Connect MySQL via JDBC in Serverless Spark for Fast Data Integration - E-MapReduce

Serverless Spark supports reading from and writing to MySQL through a Java Database Connectivity (JDBC) connector. The MySQL JDBC driver (version 8.0.33) loads automatically at startup — no manual installation required. Connect via an SQL session, a Notebook session, or a Spark batch job.

Prerequisites

Before you begin, ensure that you have:

A Serverless Spark workspace. See Create a workspace.
A MySQL instance — self-managed, ApsaraDB RDS for MySQL, or PolarDB for MySQL. The examples in this topic use ApsaraDB RDS for MySQL.
Network connectivity established between Serverless Spark and MySQL. See Establish network connectivity between EMR Serverless Spark and other VPCs. When you add security group rules, open TCP port 3306.

Important

Never hardcode database credentials in your code. Store the username and password in a secrets manager and reference them at runtime.

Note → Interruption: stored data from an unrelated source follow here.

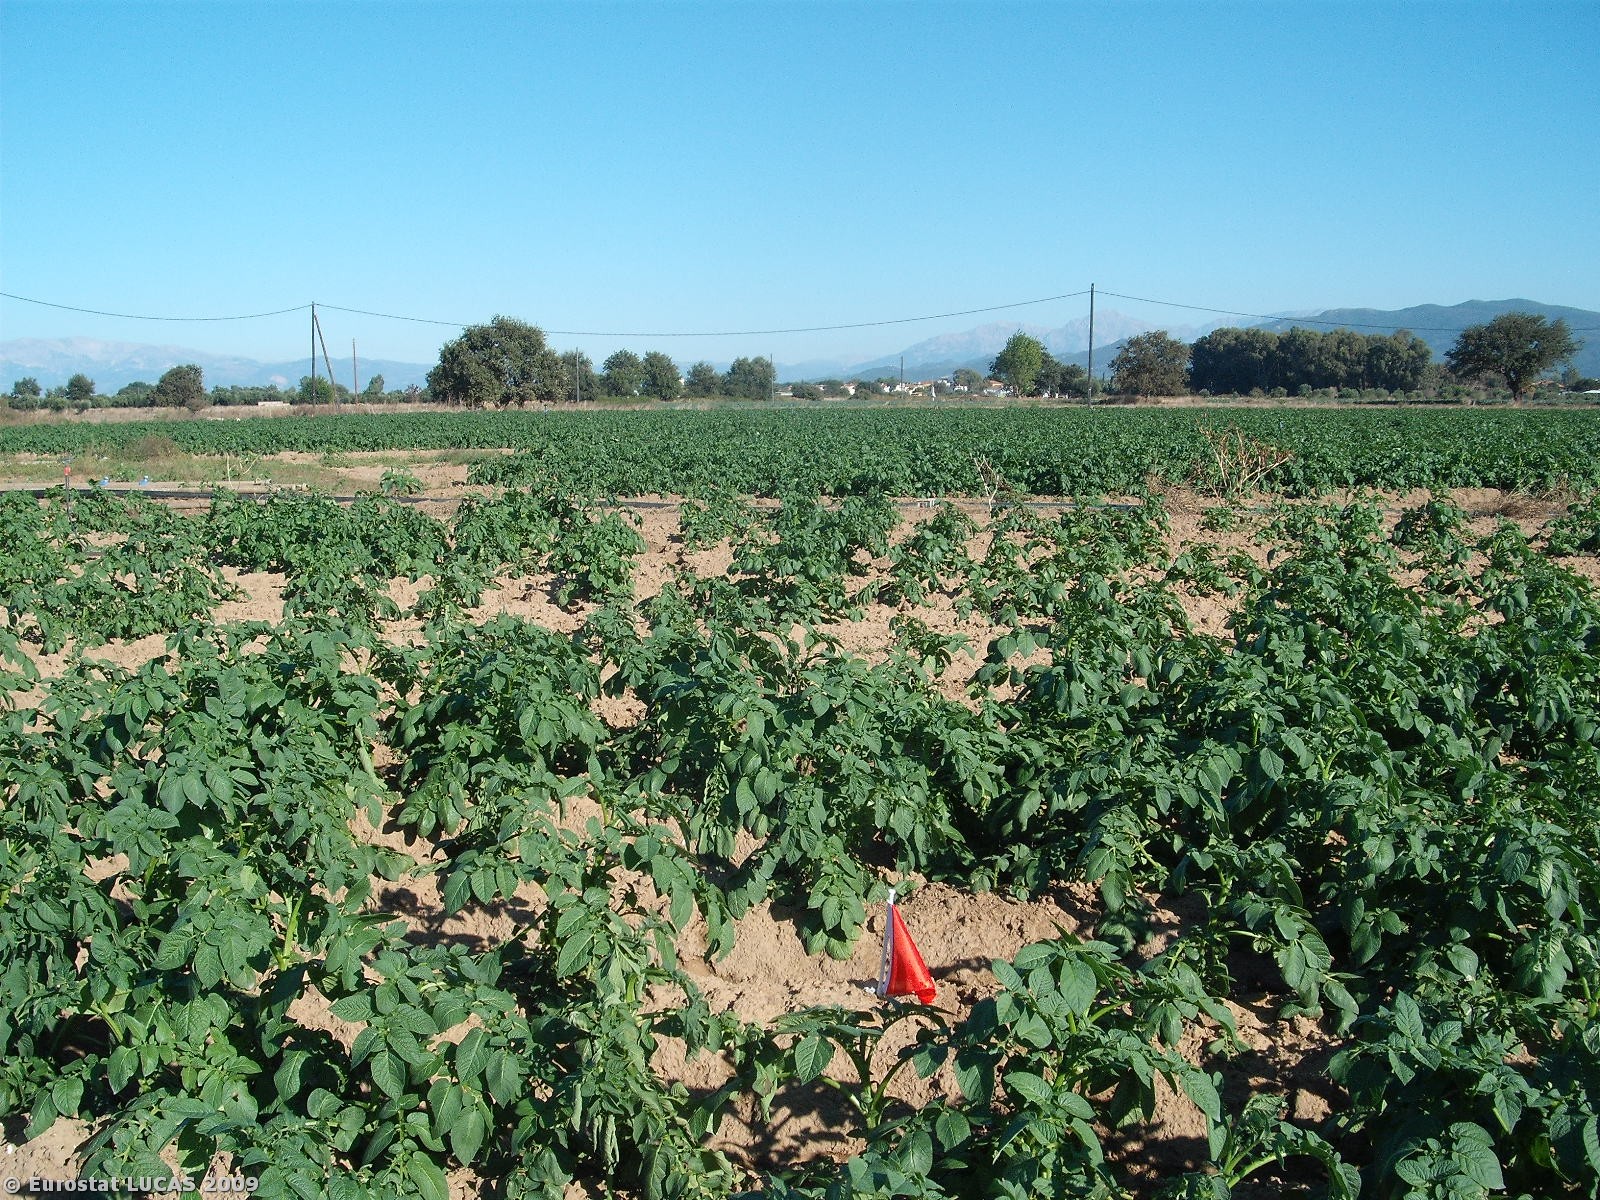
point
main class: Cropland
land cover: Potatoes
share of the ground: 50 - 75 %
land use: Agriculture (excluding fallow land and kitchen gardens)
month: October
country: GR
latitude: 38.1021
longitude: 21.4018

Connect via an SQL session

In Session Manager, create an SQL session and select a pre-configured Network Connection. See Create an SQL session.

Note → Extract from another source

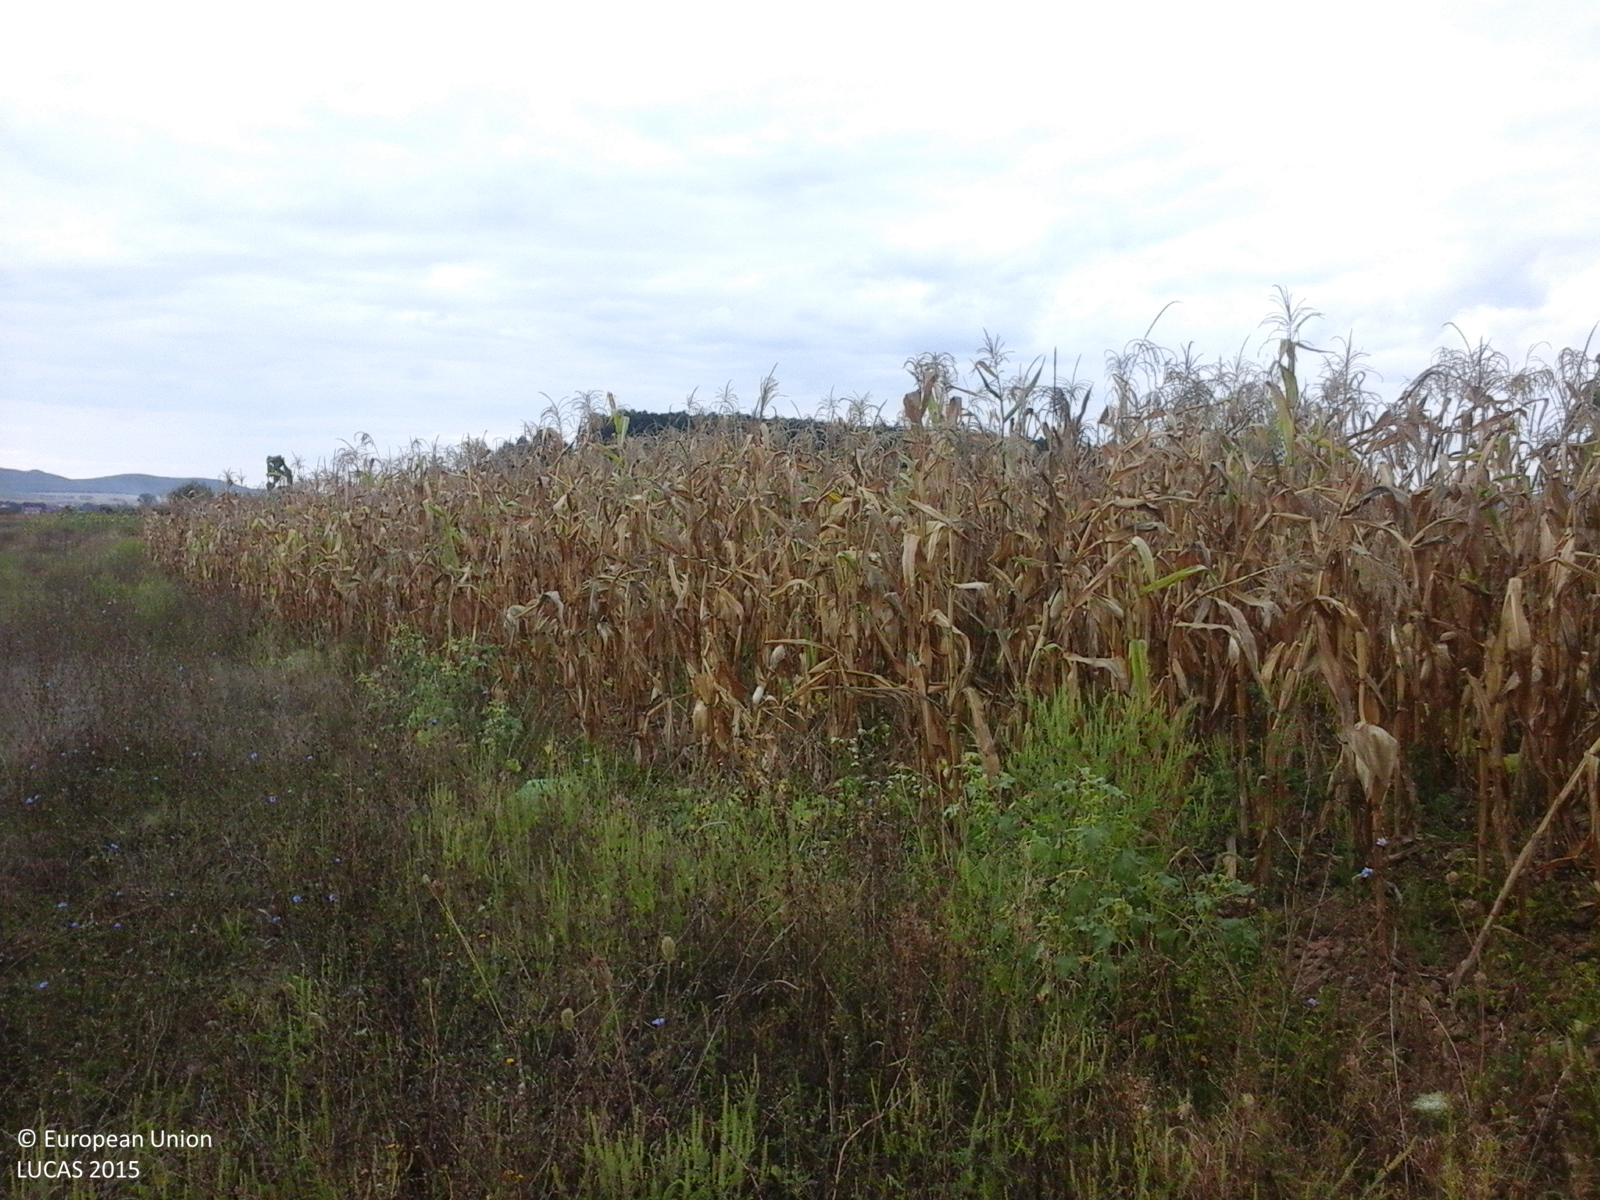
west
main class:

In Data Development, create a SparkSQL task and run the following SQL to verify the connection:

Parameter	Description
`url`	JDBC connection string. Format: `jdbc:mysql://<jdbc_url>/`
`dbtable`	Database table to read. Format: `<db>.<table>` — for example, `test_mysql_db.test`
`user`	MySQL username. The user must have read permissions on the target table.
`password`	MySQL password

CREATE TEMPORARY VIEW test
USING org.apache.spark.sql.jdbc
OPTIONS (
  url 'jdbc:mysql://<jdbc_url>/',
  dbtable '<db>.<table>',
  user '<username>',
  password '<password>'
);

SELECT * FROM test;

A successful connection returns the table contents.

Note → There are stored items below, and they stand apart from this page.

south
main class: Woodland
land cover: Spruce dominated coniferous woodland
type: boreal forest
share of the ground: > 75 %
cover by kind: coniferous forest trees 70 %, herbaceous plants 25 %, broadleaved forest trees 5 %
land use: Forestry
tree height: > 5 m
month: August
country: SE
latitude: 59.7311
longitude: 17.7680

Insert data into the MySQL table:
```
INSERT INTO test VALUES(4, 'd'),(5, 'e');
SELECT * FROM test;
```
If the inserted rows appear in the query results, the write operation succeeded.

Connect via a Notebook session

In Session Manager, create a Notebook session and select a pre-configured Network Connection. See Create a Notebook session.

In Data Development, create an Interactive Development > Notebook task and run the following Python code to verify the connection:

df = spark.read \
  .format("jdbc") \
  .option("url", "jdbc:mysql://<jdbc_url>") \
  .option("dbtable", "<db>.<table>") \
  .option("user", "<username>") \
  .option("password", "<password>") \
  .load()
df.show()

A successful connection returns the table contents.

Insert data into the MySQL table:

df = spark.createDataFrame([(6, 'f'), (7, 'g')], ["id", "name"])
df.write \
  .format("jdbc") \
  .mode("append") \
  .option("url", "jdbc:mysql://<jdbc_url>") \
  .option("dbtable", "<db>.<table>") \
  .option("user", "<username>") \
  .option("password", "<password>") \
  .save()
df.show()

mode("append") adds rows to the existing table without overwriting or deleting existing data. If the inserted rows appear in the query results, the write operation succeeded.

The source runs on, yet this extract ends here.